4. FIRST QUARTER

113K 11.8K 1.5K
                                    

Kegaduhan pagi hari ini disponsori oleh kelas Albi yang memang cukup mengundang siswa dari kelas lain untuk berbondong-bondong datang ke sana. Aku baru saja datang, dan melihat koridor di depan kelas Albi begitu ramai. Kelasku dan Albi hanya berjeda tiga kelas, jadi aku bisa melihat jelas bagaimana ramainya keadaan di sana.

Ribka tiba-tiba saja muncul, kehadirannya tak kuduga datang dari arah kerumuhan itu. Sepertinya dia habis melihat. Saat kusadari Ribka akan menghampiriku, aku segera membelokkan badan menuju ke kelas tetapi dia lebih cekatan untuk menahan lenganku.

"Eh-eh, Lun tunggu dulu!"

Aku mencoba melepaskan. "Apa lagi, sih, Rib?"

"Ish, juteknya dikurang-kurangin dong. Emang kamu nggak penasaran sama yang lagi heboh?"

Sebenarnya, iya.

"Enggak," jawabku datar, mencoba untuk masuk lagi tapi Ribka masih menahan lenganku.

"Albi dikerjain tauk."

Aku terdiam sejenak, seharusnya aku sudah bisa menebak. Tapi, aku tetap mengerutkan kening, reaksi spontan dari rasa penasaranku tentang detail eksekusinya. "Di kerjain gimana?"

"Ada yang masukin cumi-cumi ke lacinya, terus baut-baut yang ada di kursinya dibuat kendor gitu deh. Jadi, pas Albi duduk sempet jatuh. Lucu tapi kasian." Ribka tampak membayangkan, aku yakin ia tidak melihat kejadian itu, dia hanya mendengar cerita dari beberapa saksi mata.

Oh, jadi ini yang dilakukan Ara semalam.

Aku tak banyak bereaksi. "Yaudah, sih. Nggak penting juga," ucapku sembari melangkah lagi menuju kelas.
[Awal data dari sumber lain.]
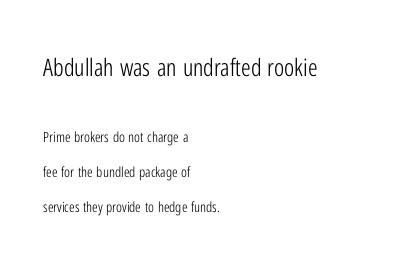
The image shows 24 px text type, upright; set left-aligned, loose line spacing (2.5x), normal letter spacing, not underlined; the first (top) block is 1.71x larger.
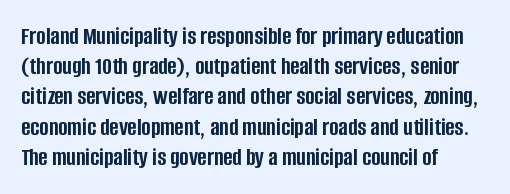
The image shows 25 px bold type, upright; set left-aligned, line spacing 1.21x, normal letter spacing, not underlined.
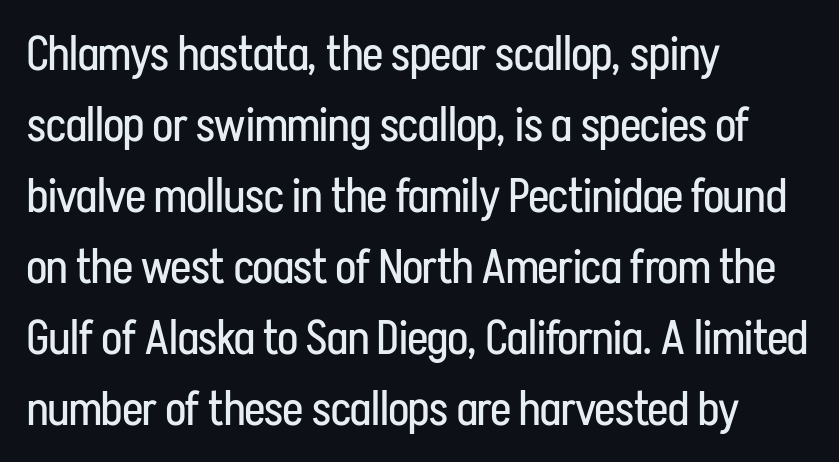
Q: Is the text bold? A: No.
Q: Is the text italic (slanted)? A: No, it is upright.
Q: Is the typeface a serif or a sans-serif typeface? A: Sans-serif.
Q: Is the text underlined? A: No.
Q: How is the paragraph aligned? A: Left-aligned.
Q: Is the spacing between letters normal or unusually wide? A: Normal.
Q: Is the spacing between lines tight, normal or loose? A: Normal.
Q: Width (condensed, normal, or wide)? A: Condensed.
Q: Stroke contrast? A: Low.
Q: x-height? A: Medium.
Q: Monospaced? A: No.
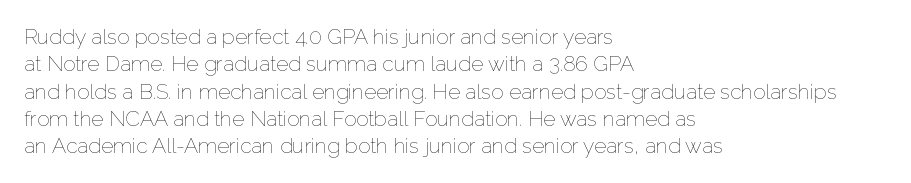
The image shows 21 px text type, upright; set left-aligned, normal line spacing (1.3x), normal letter spacing, not underlined.
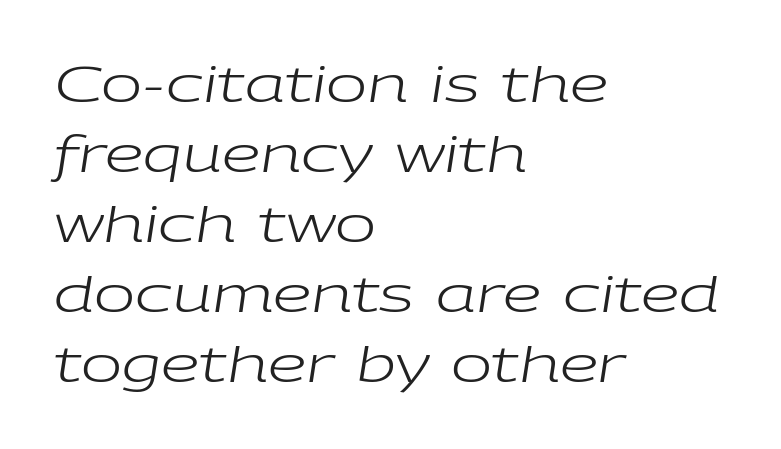
The image shows 49 px regular-weight, wide type, italic (leaning right); set left-aligned, normal line spacing (1.43x), normal letter spacing, not underlined; low stroke contrast and a medium x-height.

Tetapi, sialnya Ribka masih menahan lenganku. Aku baru berbalik, berniat untuk protes ketika tiba-tiba saja mataku tak sengaja menangkap mata hitam gelap milik Albi. Dia awalnya sedang ingin berjalan melewatiku tapi entah mengapa ia berhenti. Aku bisa melihat jelas napas Albi naik turun, dia tampak begitu kacau, marah, kesal dan saat kami bertemu pandang, bibirnya seperti ingin mencoba mengatakan sesuatu, rahangnya mengereas, tapi pada akhirnya ia mengalihkan pandangan lebih dulu. Lalu, kemudian melanjutkan langkahnya.

Aku mengerutkan kening samar, heran sekaligus bingung. Kenapa tatapannya seperti itu? Seperti ada yang begitu ia ingin ucapkan padaku, seperti ada yang ingin ia lampiaskan. Tapi apa?
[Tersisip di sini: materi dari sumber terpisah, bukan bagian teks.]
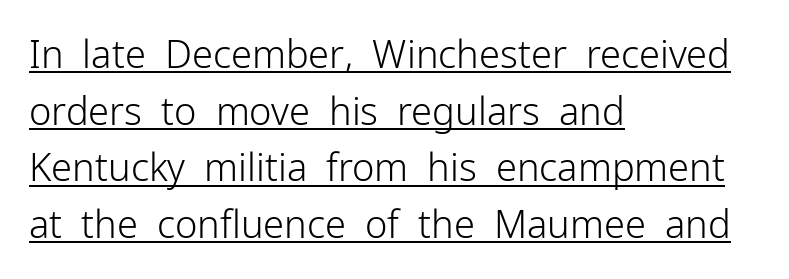
The image shows 38 px light sans-serif type, upright; set left-aligned, normal line spacing (1.49x), normal letter spacing, underlined; low stroke contrast and a medium x-height.
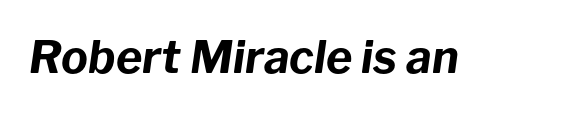
A typesetter would mark this as italic. The type is set solid horizontally, with unmodified tracking. Each glyph is drawn with heavy, bold strokes. The words here are not underlined. Think of a printed novel: that variable character pitch is what you see here.
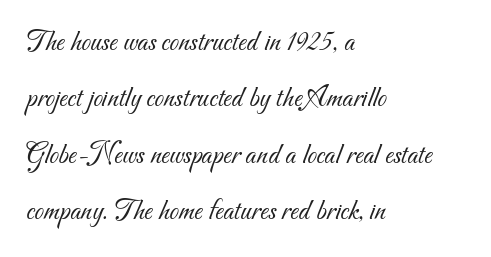
{"serif": "no", "bold": "no", "weight": "light", "width": "normal", "stroke_contrast": "medium", "x_height": "small", "monospaced": "no", "underline": "no", "align": "left", "line_spacing_ratio": 1.88, "letter_spacing": "normal", "letter_spacing_em": 0.0, "glyph_px": 30}
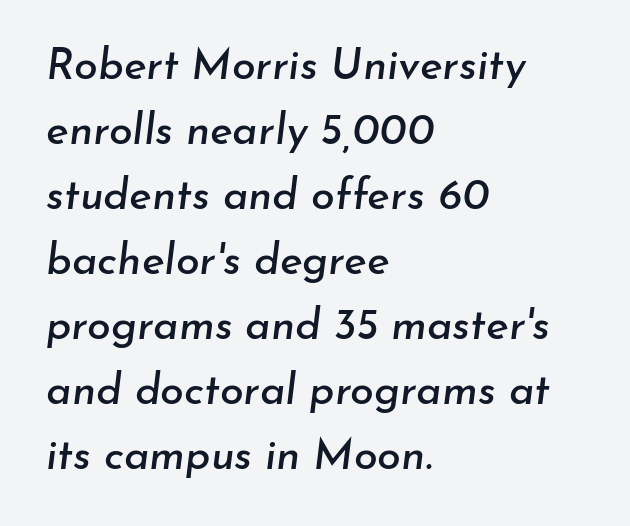
Q: Is the text italic (slanted)? A: Yes, it leans right by about 7 degrees.
Q: Is the text underlined? A: No.
Q: How is the paragraph aligned? A: Left-aligned.
Q: Is the spacing between letters normal or unusually wide? A: Normal.
Q: Is the spacing between lines tight, normal or loose? A: Normal.
Q: Width (condensed, normal, or wide)? A: Normal.
Q: Stroke contrast? A: Low.
Q: x-height? A: Small.
Q: Monospaced? A: No.
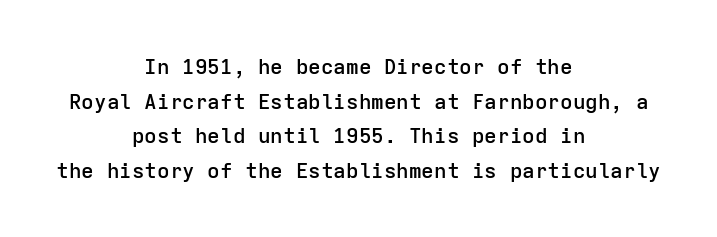
Q: Is the text bold? A: Semi-bold.
Q: Is the text italic (slanted)? A: No, it is upright.
Q: Is the text underlined? A: No.
Q: How is the paragraph aligned? A: Centered.
Q: Is the spacing between letters normal or unusually wide? A: Normal.
Q: Is the spacing between lines tight, normal or loose? A: Normal.
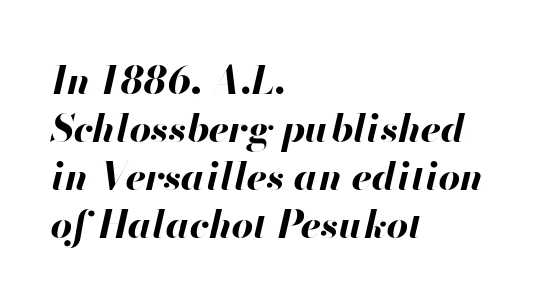
{"italic": "yes", "lean": "right", "slant_degrees": 13, "bold": "yes", "weight": "bold", "width": "normal", "stroke_contrast": "high", "x_height": "small", "monospaced": "no", "underline": "no", "align": "left", "line_spacing": "normal", "line_spacing_ratio": 1.26, "letter_spacing": "normal", "letter_spacing_em": 0.0, "glyph_px": 38}

"Lun," Ribka sedikit menyenggolku, suaranya terdengar seperti bisikan.

Aku menoleh. "Apa?"

"Fix. Dia masih ada rasa ke kamu."

Dan, entah mengapa hatiku kecilku seperti membenarkan kalimat itu.

Tidak mungkin!

*****

Aku bukanlah murid yang terlampau pintar, tapi aku beruntung karena selalu masuk peringkat 5 besar, jadi aku bisa mendapat kesempatan untuk ikut seleksi beasiswa yang memang sudah diadakan sejak kelas XI, karena sekolahku merupakan sekolah swasta, jadi mereka punya perencanaan sendiri untuk siswa-siswa yang berprestasi. Dan jika aku lolos, maka saat kelas XII nanti, aku akan dipindahkan ke kelas khusus untuk persiapan yang lebih matang.

Sekolahku bekerja sama dengan beberapa negara terbaik di Asia selama beberapa tahun terakhir. Suatu keuntungan bagi tahun angkatanku karena jumlah calon penerima sedikit diperbanyak, dan aku sangat menginginkan bisa kuliah di luar negeri. Lebih tepatnya, karena aku sangat ingin menginggalkan rumah.

Hanya ini satu-satunya jalan untuk pergi menjauh dari keadaan rumah yang sudah tak sehangat dulu lagi. Jadi, aku akan lebih keras pada diriku sendiri dalam hal akademik.